Oui. Et ordination qui vient du latin ordo (le rang, l’ordre, la ligne). Coordination signifie donc qu’on a organisé des choses ensemble. Il a été décidé qu’une conjonction de coordination relierait des éléments de même nature et de même importance. C’est le dénommé Claude Favre, seigneur de Vaugelas, un aristocrate grammairien du 17ème siècle qui l’a décidé. Donc, dans la phrase J’ouvre mon parapluie car il pleut, comme les deux propositions sont reliées par car qui est une conjonction de coordination, elles ont la même valeur : la grammaire de Vaugelas qui est encore enseignée aujourd’hui dit qu’elles sont indépendantes l’une de l’autre.
Pas vous ?
Une seconde. D’abord, la liste de ces conjonctions de coordination. Il y en a sept.
Oui, et je les connais par cœur : Mais où est donc Ornicar ?
C’est un procédé commode pour les mémoriser, à condition de ne pas oublier que « où » n’indique pas un lieu et s’écrit ou (= ou bien) et que « est » n’est pas le verbe être et s’écrit et ! Mais, ou, et, donc, or, ni, car…

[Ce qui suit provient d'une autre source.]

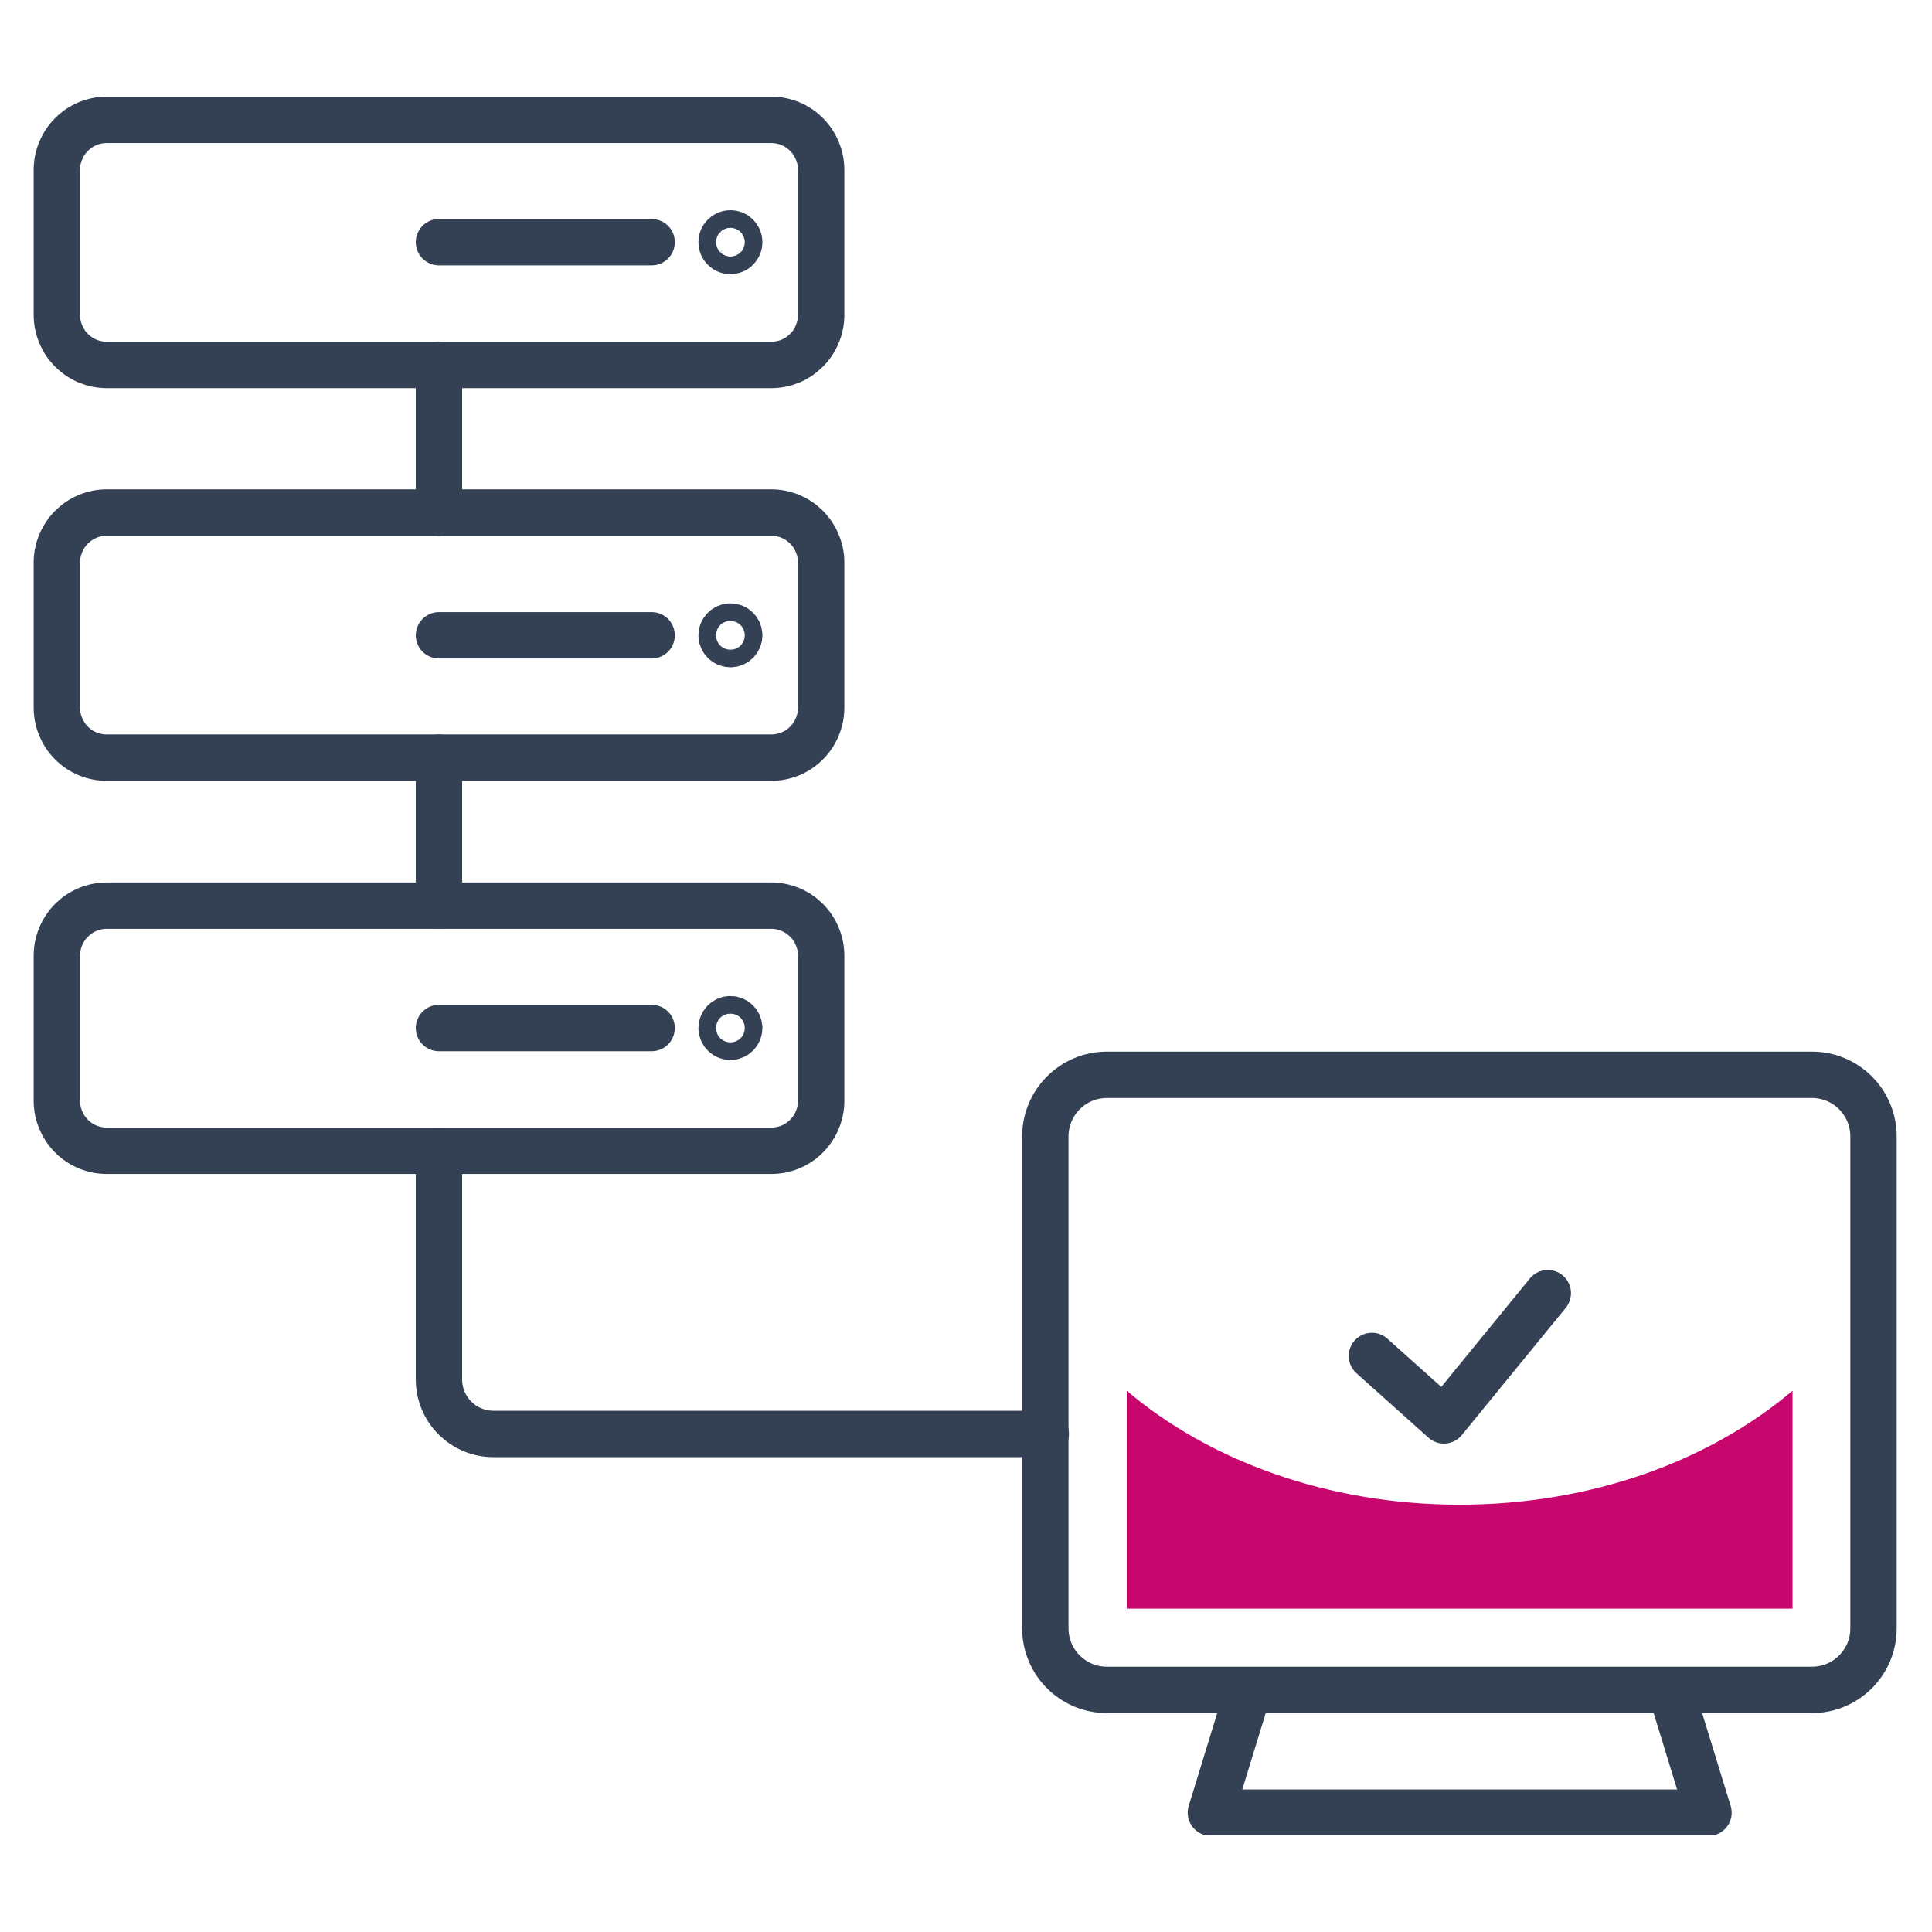 <svg xmlns="http://www.w3.org/2000/svg" xmlns:xlink="http://www.w3.org/1999/xlink" width="120" zoomAndPan="magnify" viewBox="0 0 90 90" height="120" preserveAspectRatio="xMidYMid meet" version="1.0"><defs><clipPath id="edbc90ddec"><path d="M 55 77 L 81 77 L 81 85.5 L 55 85.5 Z M 55 77 " clip-rule="nonzero"/></clipPath><clipPath id="7ae4f03fc9"><path d="M 0.715 23 L 80 23 L 80 85.5 L 0.715 85.5 Z M 0.715 23 " clip-rule="nonzero"/></clipPath><clipPath id="9632f12394"><path d="M 0.715 11 L 69 11 L 69 85 L 0.715 85 Z M 0.715 11 " clip-rule="nonzero"/></clipPath><clipPath id="f8234b7544"><path d="M 0.715 4.5 L 69 4.5 L 69 66 L 0.715 66 Z M 0.715 4.5 " clip-rule="nonzero"/></clipPath><clipPath id="cd71034a34"><path d="M 3 4.5 L 65 4.5 L 65 61 L 3 61 Z M 3 4.5 " clip-rule="nonzero"/></clipPath><clipPath id="d174056155"><path d="M 0.715 4.5 L 69 4.5 L 69 48 L 0.715 48 Z M 0.715 4.5 " clip-rule="nonzero"/></clipPath><clipPath id="fab3ef135a"><path d="M 3 4.5 L 65 4.5 L 65 43 L 3 43 Z M 3 4.5 " clip-rule="nonzero"/></clipPath></defs><path stroke-linecap="round" transform="matrix(1.862, 0, 0, 1.863, 1.57, 4.5)" fill="none" stroke-linejoin="round" d="M 33.48 31.49 L 35.28 33.101 L 37.88 29.92 " stroke="#344154" stroke-width="1.16" stroke-opacity="1" stroke-miterlimit="4"/><path stroke-linecap="round" transform="matrix(1.862, 0, 0, 1.863, 1.57, 4.5)" fill="none" stroke-linejoin="round" d="M 41.9 24.46 L 26.849 24.46 C 25.999 24.46 25.309 25.149 25.309 26.001 L 25.309 38.301 C 25.309 39.15 25.999 39.84 26.849 39.84 L 44.489 39.84 C 45.341 39.84 46.029 39.15 46.029 38.301 L 46.029 26.001 C 46.029 25.149 45.341 24.46 44.489 24.46 Z M 41.9 24.46 " stroke="#344154" stroke-width="1.16" stroke-opacity="1" stroke-miterlimit="4"/><g clip-path="url(#edbc90ddec)"><path stroke-linecap="round" transform="matrix(1.862, 0, 0, 1.863, 1.57, 4.5)" fill="none" stroke-linejoin="round" d="M 30.391 39.85 L 29.451 42.91 L 41.9 42.91 L 40.96 39.85 " stroke="#344154" stroke-width="1.16" stroke-opacity="1" stroke-miterlimit="4"/></g><g clip-path="url(#7ae4f03fc9)"><path stroke-linecap="round" transform="matrix(1.862, 0, 0, 1.863, 1.57, 4.5)" fill="none" stroke-linejoin="miter" d="M 10.139 26.359 L 10.139 32.08 C 10.139 32.83 10.75 33.44 11.501 33.44 L 25.32 33.44 " stroke="#344154" stroke-width="1.16" stroke-opacity="1" stroke-miterlimit="10"/></g><g clip-path="url(#9632f12394)"><path stroke-linecap="round" transform="matrix(1.862, 0, 0, 1.863, 1.57, 4.5)" fill="none" stroke-linejoin="miter" d="M 1.83 20.23 L 18.45 20.23 C 18.616 20.23 18.775 20.262 18.928 20.325 C 19.082 20.388 19.216 20.48 19.333 20.595 C 19.451 20.713 19.541 20.849 19.604 21.002 C 19.669 21.155 19.701 21.314 19.701 21.48 L 19.701 25.11 C 19.701 25.275 19.669 25.435 19.604 25.588 C 19.541 25.741 19.451 25.877 19.333 25.994 C 19.216 26.112 19.082 26.202 18.928 26.265 C 18.775 26.328 18.616 26.359 18.45 26.359 L 1.83 26.359 C 1.664 26.359 1.505 26.328 1.352 26.265 C 1.198 26.202 1.064 26.112 0.947 25.994 C 0.829 25.877 0.739 25.741 0.676 25.588 C 0.611 25.435 0.579 25.275 0.579 25.11 L 0.579 21.48 C 0.579 21.314 0.611 21.155 0.676 21.002 C 0.739 20.849 0.829 20.713 0.947 20.595 C 1.064 20.48 1.198 20.388 1.352 20.325 C 1.505 20.262 1.664 20.23 1.83 20.23 Z M 1.83 20.23 " stroke="#344154" stroke-width="1.16" stroke-opacity="1" stroke-miterlimit="10"/></g><path stroke-linecap="round" transform="matrix(1.862, 0, 0, 1.863, 1.57, 4.5)" fill="none" stroke-linejoin="miter" d="M 10.139 23.29 L 15.46 23.29 " stroke="#344154" stroke-width="1.16" stroke-opacity="1" stroke-miterlimit="10"/><path stroke-linecap="round" transform="matrix(1.862, 0, 0, 1.863, 1.57, 4.5)" fill="none" stroke-linejoin="miter" d="M 17.651 23.29 C 17.651 23.17 17.55 23.069 17.43 23.069 C 17.311 23.069 17.21 23.17 17.21 23.29 C 17.21 23.409 17.311 23.51 17.43 23.51 C 17.55 23.51 17.651 23.409 17.651 23.29 Z M 17.651 23.29 " stroke="#344154" stroke-width="1.16" stroke-opacity="1" stroke-miterlimit="10"/><g clip-path="url(#f8234b7544)"><path stroke-linecap="round" transform="matrix(1.862, 0, 0, 1.863, 1.57, 4.5)" fill="none" stroke-linejoin="miter" d="M 1.83 10.4 L 18.45 10.4 C 18.616 10.4 18.775 10.432 18.928 10.495 C 19.082 10.558 19.216 10.65 19.333 10.765 C 19.451 10.883 19.541 11.019 19.604 11.172 C 19.669 11.325 19.701 11.484 19.701 11.65 L 19.701 15.28 C 19.701 15.445 19.669 15.605 19.604 15.758 C 19.541 15.911 19.451 16.047 19.333 16.165 C 19.216 16.282 19.082 16.372 18.928 16.435 C 18.775 16.498 18.616 16.529 18.45 16.529 L 1.83 16.529 C 1.664 16.529 1.505 16.498 1.352 16.435 C 1.198 16.372 1.064 16.282 0.947 16.165 C 0.829 16.047 0.739 15.911 0.676 15.758 C 0.611 15.605 0.579 15.445 0.579 15.28 L 0.579 11.65 C 0.579 11.484 0.611 11.325 0.676 11.172 C 0.739 11.019 0.829 10.883 0.947 10.765 C 1.064 10.65 1.198 10.558 1.352 10.495 C 1.505 10.432 1.664 10.4 1.83 10.4 Z M 1.83 10.4 " stroke="#344154" stroke-width="1.16" stroke-opacity="1" stroke-miterlimit="10"/></g><path stroke-linecap="round" transform="matrix(1.862, 0, 0, 1.863, 1.57, 4.5)" fill="none" stroke-linejoin="miter" d="M 10.139 13.47 L 15.46 13.47 " stroke="#344154" stroke-width="1.16" stroke-opacity="1" stroke-miterlimit="10"/><g clip-path="url(#cd71034a34)"><path stroke-linecap="round" transform="matrix(1.862, 0, 0, 1.863, 1.57, 4.5)" fill="none" stroke-linejoin="miter" d="M 17.651 13.47 C 17.651 13.351 17.55 13.25 17.43 13.25 C 17.311 13.25 17.21 13.351 17.21 13.47 C 17.21 13.59 17.311 13.69 17.43 13.69 C 17.55 13.69 17.651 13.59 17.651 13.47 Z M 17.651 13.47 " stroke="#344154" stroke-width="1.16" stroke-opacity="1" stroke-miterlimit="10"/></g><g clip-path="url(#d174056155)"><path stroke-linecap="round" transform="matrix(1.862, 0, 0, 1.863, 1.57, 4.5)" fill="none" stroke-linejoin="miter" d="M 1.83 0.581 L 18.45 0.581 C 18.616 0.581 18.775 0.612 18.928 0.675 C 19.082 0.738 19.216 0.828 19.333 0.946 C 19.451 1.063 19.541 1.199 19.604 1.352 C 19.669 1.506 19.701 1.665 19.701 1.831 L 19.701 5.46 C 19.701 5.626 19.669 5.785 19.604 5.938 C 19.541 6.091 19.451 6.228 19.333 6.343 C 19.216 6.46 19.082 6.551 18.928 6.616 C 18.775 6.678 18.616 6.71 18.45 6.71 L 1.83 6.71 C 1.664 6.71 1.505 6.678 1.352 6.616 C 1.198 6.551 1.064 6.46 0.947 6.343 C 0.829 6.228 0.739 6.091 0.676 5.938 C 0.611 5.785 0.579 5.626 0.579 5.46 L 0.579 1.831 C 0.579 1.665 0.611 1.506 0.676 1.352 C 0.739 1.199 0.829 1.063 0.947 0.946 C 1.064 0.828 1.198 0.738 1.352 0.675 C 1.505 0.612 1.664 0.581 1.83 0.581 Z M 1.83 0.581 " stroke="#344154" stroke-width="1.16" stroke-opacity="1" stroke-miterlimit="10"/></g><path stroke-linecap="round" transform="matrix(1.862, 0, 0, 1.863, 1.57, 4.5)" fill="none" stroke-linejoin="miter" d="M 10.139 3.64 L 15.46 3.64 " stroke="#344154" stroke-width="1.16" stroke-opacity="1" stroke-miterlimit="10"/><g clip-path="url(#fab3ef135a)"><path stroke-linecap="round" transform="matrix(1.862, 0, 0, 1.863, 1.57, 4.5)" fill="none" stroke-linejoin="miter" d="M 17.651 3.64 C 17.651 3.701 17.628 3.753 17.586 3.795 C 17.544 3.839 17.491 3.86 17.43 3.86 C 17.369 3.86 17.317 3.839 17.275 3.795 C 17.231 3.753 17.21 3.701 17.21 3.64 C 17.21 3.579 17.231 3.527 17.275 3.485 C 17.317 3.441 17.369 3.42 17.43 3.42 C 17.491 3.42 17.544 3.441 17.586 3.485 C 17.628 3.527 17.651 3.579 17.651 3.64 Z M 17.651 3.64 " stroke="#344154" stroke-width="1.16" stroke-opacity="1" stroke-miterlimit="10"/></g><path stroke-linecap="round" transform="matrix(1.862, 0, 0, 1.863, 1.57, 4.5)" fill="none" stroke-linejoin="miter" d="M 10.139 20.23 L 10.139 16.529 " stroke="#344154" stroke-width="1.16" stroke-opacity="1" stroke-miterlimit="10"/><path stroke-linecap="round" transform="matrix(1.862, 0, 0, 1.863, 1.57, 4.5)" fill="none" stroke-linejoin="miter" d="M 10.139 10.4 L 10.139 6.71 " stroke="#344154" stroke-width="1.16" stroke-opacity="1" stroke-miterlimit="10"/><path fill="#c7066e" d="M 67.996 70.094 C 61.852 70.094 56.32 68.043 52.488 64.785 L 52.488 74.938 L 83.504 74.938 L 83.504 64.785 C 79.668 68.043 74.137 70.094 67.996 70.094 Z M 67.996 70.094 " fill-opacity="1" fill-rule="nonzero"/></svg>

Je le savais. Alors, ces propositions sont indépendantes ou pas ?
Attendez encore que je vous explique les conjonctions… de subordination.
Ordination, vous m’avez expliqué ce que ça veut dire, mais sub ?
Un mot latin qui signifie sous, en dessous. Une conjonction de subordination relie donc deux propositions dont la seconde est en dessous de la première.
En dessous ?
Elle dépend de la première, si vous préférez, un peu comme un subordonné peut dépendre de son chef. Je reprend l’exemple J’ouvre mon parapluie parce qu’il pleut ; parce que étant une conjonction de subordination, il pleut est donc une proposition dite subordonnée à J’ouvre mon parapluie qui est donc appelée proposition principale. Nous verrons cela plus en détail un peu plus loin.